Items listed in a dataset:

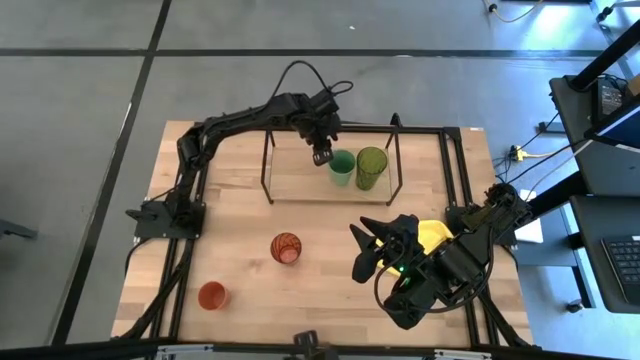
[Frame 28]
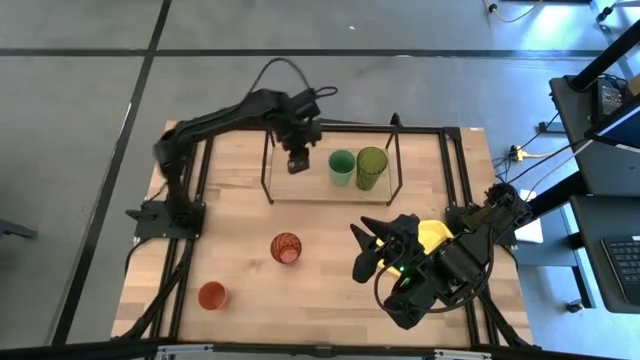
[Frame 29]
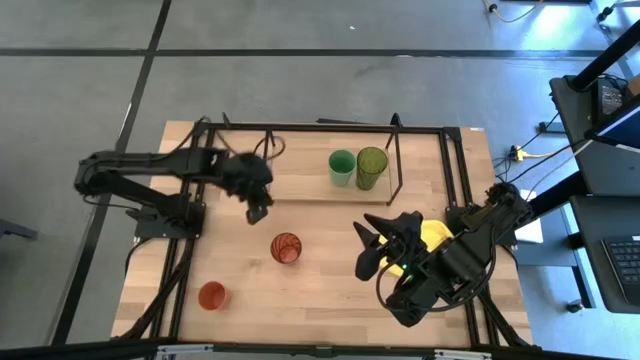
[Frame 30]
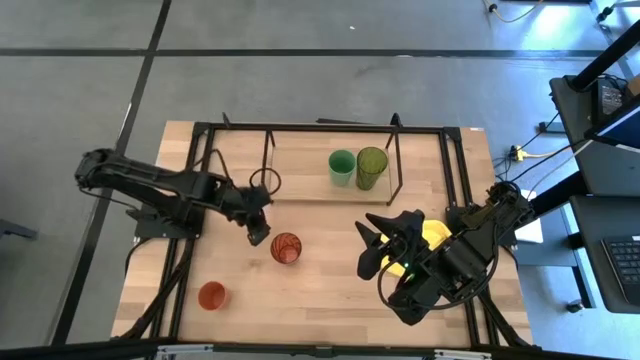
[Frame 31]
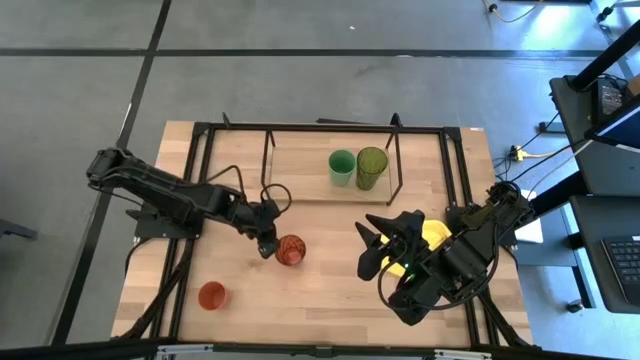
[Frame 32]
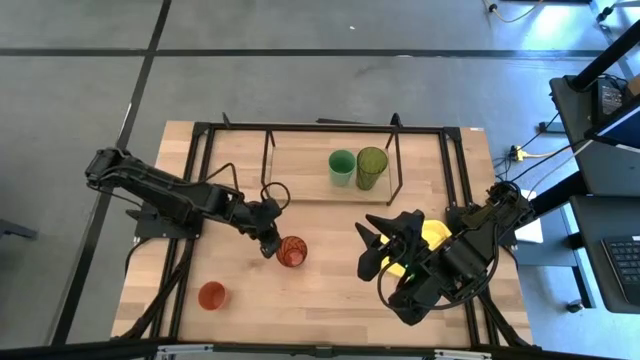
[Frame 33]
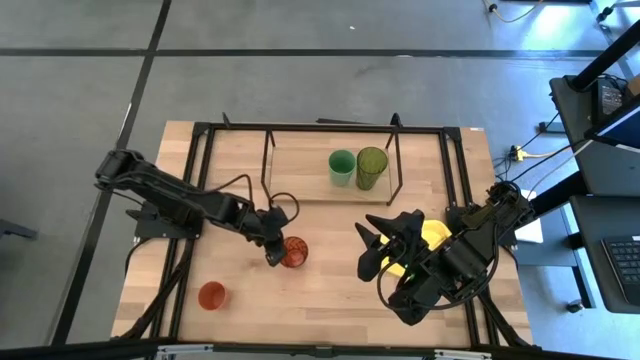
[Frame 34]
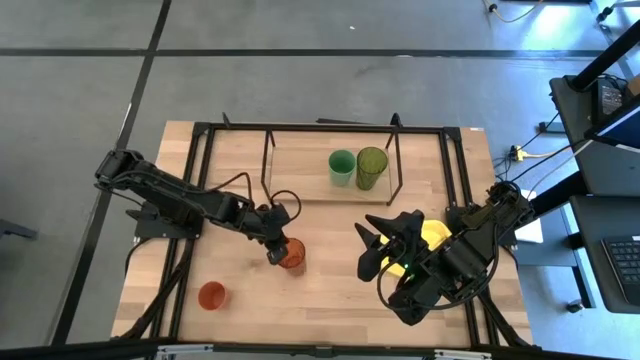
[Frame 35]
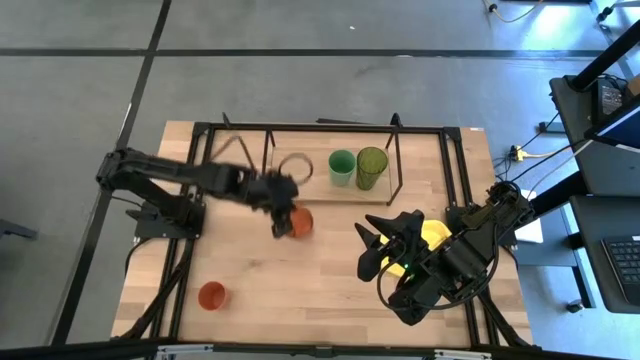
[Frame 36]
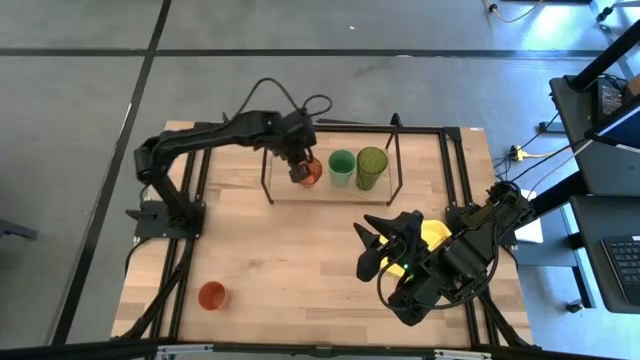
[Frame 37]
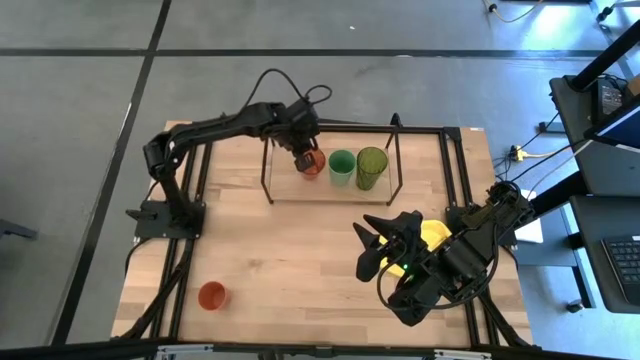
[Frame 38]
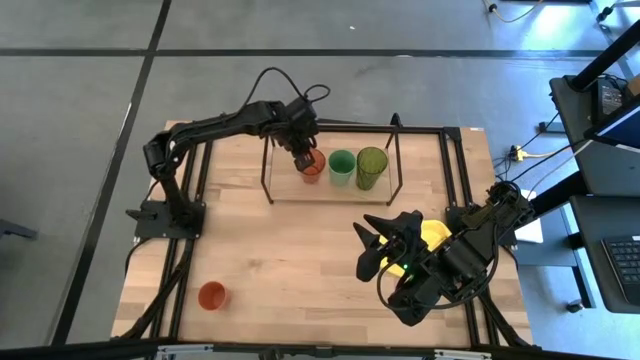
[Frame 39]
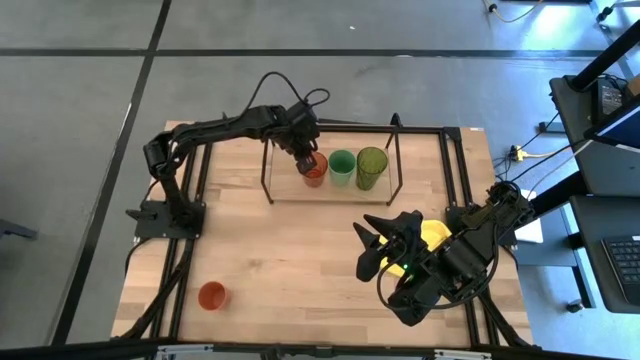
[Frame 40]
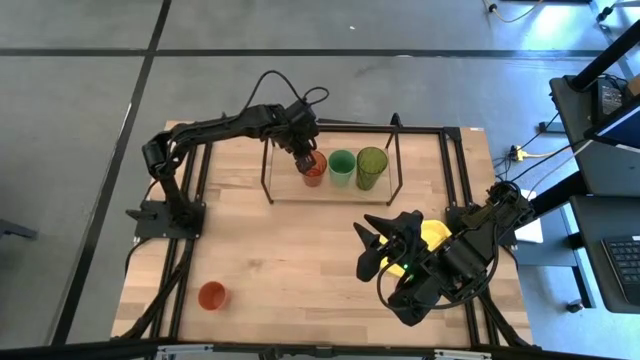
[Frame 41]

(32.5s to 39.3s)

WHAT IS BEING ASKED: Set down every entry above exactly as written, but skip the pictures.

RESULT OF THIS TASK:
[Frame 28]
[Frame 29]
[Frame 30]
[Frame 31]
[Frame 32]
[Frame 33]
[Frame 34]
[Frame 35]
[Frame 36]
[Frame 37]
[Frame 38]
[Frame 39]
[Frame 40]
[Frame 41]

(32.5s to 39.3s)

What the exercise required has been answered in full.